My understanding is that LUNN will represent about 26% of newco. Presumably, to achieve that ownership level, LUNN shares will be devalued by a factor of 10. TPG shares, in order to achieve a
74% ownership interest in newco, will be inflated by a factor of 8.3. Since I just came across this thread, and it looks like Monday is revelation day, I don't have time to run the numbers, but I'm
assuming you have. Can someone provide quick (short, easy to understand) answers to the following:

1. Comparing the shares outstanding for each company, does the relative inflator and deflator used result in LUNN deflated newco shares representing 26% of all newco shares?

2. Assuming that is the case, how was it determined that LUNN is valued at approximately 1/3 of TPG (i.e. represents approximately 1/4 the value of newco vis a vis TPG's 3/4) - is it relative sales,
assets, earnings? How was that determined and does it make sense?

As regards the reverse split vs reverse merger discussion, my comment would be that a duck is a duck. Whether the motives for the reverse split (presumably to accommodate the merger) are "good" or "bad" depends on the ratios used to build newco.

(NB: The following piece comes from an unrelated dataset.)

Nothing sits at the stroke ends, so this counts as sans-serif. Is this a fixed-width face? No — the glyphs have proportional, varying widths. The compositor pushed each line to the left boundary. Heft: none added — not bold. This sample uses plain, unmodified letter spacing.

I know this isn't the most elegantly phrased set of questions. Time, however, is running out and I still have my day job to attend to. Based upon results of my most recent stock decisions, I can't afford to ignore my day job.

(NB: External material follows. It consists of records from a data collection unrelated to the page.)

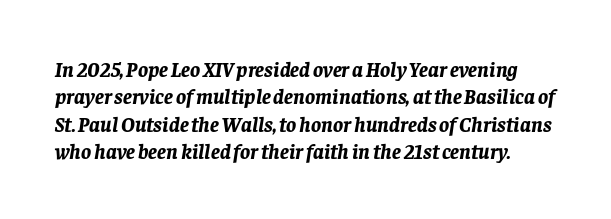
The typesetting leans heavy: a genuine bold. The glyphs look as if they've been sheared to an angle. Observe the ordinary spacing: letters are neighbours, not strangers. In terms of leading, this rendering sits right in the middle.
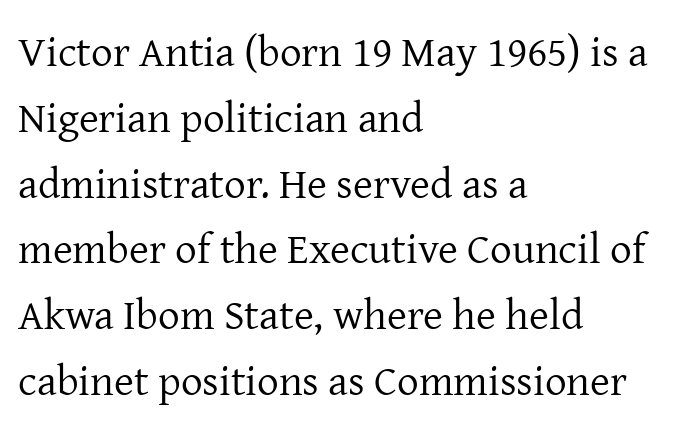
Upright lettering throughout. Students, observe: this is what conventionally led text looks like. A typesetter would label this face a serif. Check the space under the baseline: it is left empty.
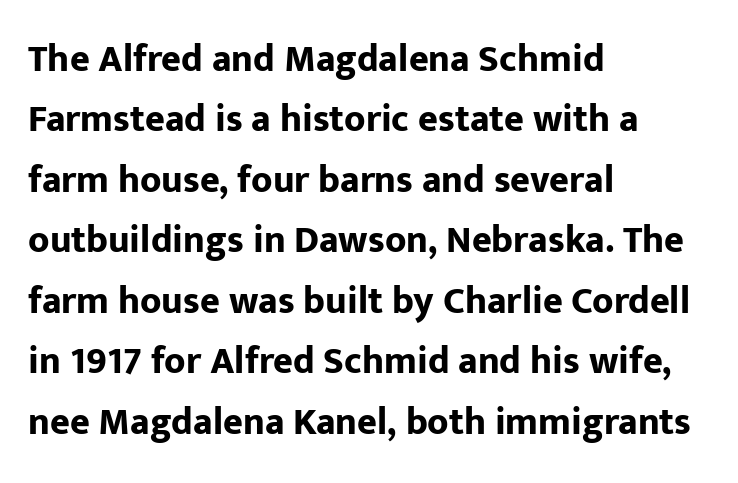
Q: Is the text bold? A: Yes.
Q: Is the text italic (slanted)? A: No, it is upright.
Q: Is the typeface a serif or a sans-serif typeface? A: Sans-serif.
Q: Is the text underlined? A: No.
Q: How is the paragraph aligned? A: Left-aligned.
Q: Is the spacing between letters normal or unusually wide? A: Normal.
Q: Is the spacing between lines tight, normal or loose? A: Normal.
Q: Width (condensed, normal, or wide)? A: Normal.
Q: Stroke contrast? A: Low.
Q: x-height? A: Medium.
Q: Monospaced? A: No.

An aside. I have been involved in two merger situations as a shareholder, both favorably impacting the merging entities. The first, MXP and PDP resulting in newco PXD used PDP (a publicly traded company) as the base value. Newco shares were 1/1 for PDP shareholders, and 1/5 (give or take, can't remember exact numbers) for MXP shareholders. The merged market price (and street's "take" on the merits of the merger) was easy to calculate on a daily basis, just follow PDP's share price.

The second (ELEX and SANM) is an acquisition. Again, the acquired company's shares were given a fixed ratio (to be converted on merger date) to acquiring company's shares. The acquiring company never stopped trading so again, street response to relative value set by merging companies easy to calculate - just follow acquiring company's share price.

I don't see how we can monitor street's take on this one. Therefore, to my mind, crucial to know if the resulting company truly reflective of the relative values of the two merging entities. Hence, earlier uestions.